What happens during a stroke?
Although your brain is about 2% of your body weight, its intense
activity means that it consumes about 20% of the oxygen that enters
your body.
Brain facts
Oxygen reaches the brain through the blood, so to ensure normal
functioning of the brain, it’s important that its blood supply remains steady.
A stroke can have a significant effect on physical and mental
health—it can cause movement problems, pain, numbness, and problems
with thinking, remembering or speaking. Some people also experience
emotional problems, such as depression, after a stroke.
Unfortunately, when people with diabetes have a stroke, they are at
an increased risk of dying or being left with a long-term
disability, versus someone without diabetes.2,8
Why does type 2 diabetes increase stroke risk?
Our blog
post on heart disease explains that when there is damage to blood
vessels, fatty material (sometimes referred to as ‘plaque’) can build
up and obstruct the blood flow in a process known as atherosclerosis.

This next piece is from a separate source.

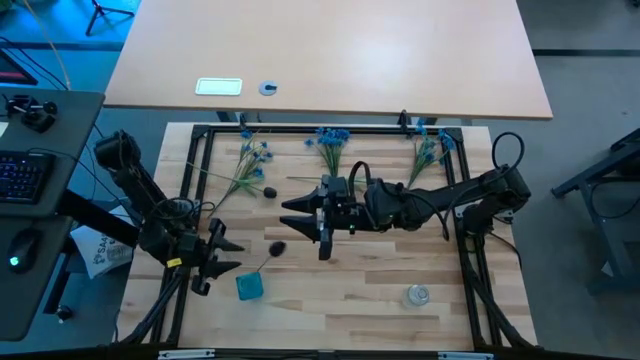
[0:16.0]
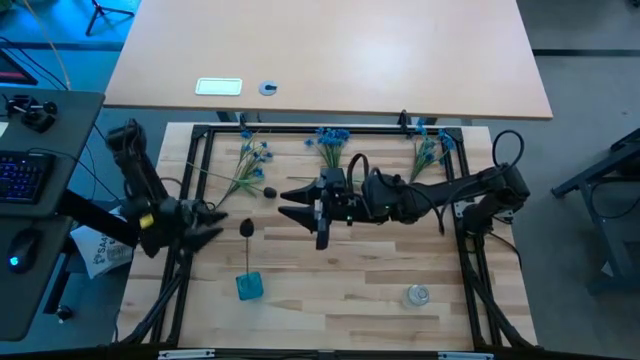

Atherosclerosis can build up for many years without you knowing—it is
a silent disease, and a stroke can happen suddenly, with no warning.
Uncontrolled blood sugar levels in people with diabetes damage the
walls of the blood vessels and may speed up the process of
atherosclerosis. People with diabetes also tend to have high levels of
the types of fats in their blood that get turned into plaques.
High levels of sugar in the blood also make blood more likely to
stick together to form clots. When a clot reaches the brain, it can
lead to a stroke.
How your self-care helps lower your risk
Some risk factors for stroke can be kept in check by making your
lifestyle as healthy as possible. Here are some things that you can do:
Eat a healthy, balanced diet that is low in cholesterol and
salt
Stop smoking
Only drink alcohol within
recommended limits
Exercise regularly
Maintain a
healthy weight
You can read more about lifestyle changes promoting cardiovascular
health in this blog post.
Reducing your risk further with help from your diabetes doctor
You might already know about medicines that work to reduce certain
risk factors for cardiovascular diseases, like medicines that reduce
cholesterol or high blood pressure. If you haven’t had your
cholesterol or blood pressure checked in a while, why not make a note
to ask your doctor if it’s worth checking that they are under control?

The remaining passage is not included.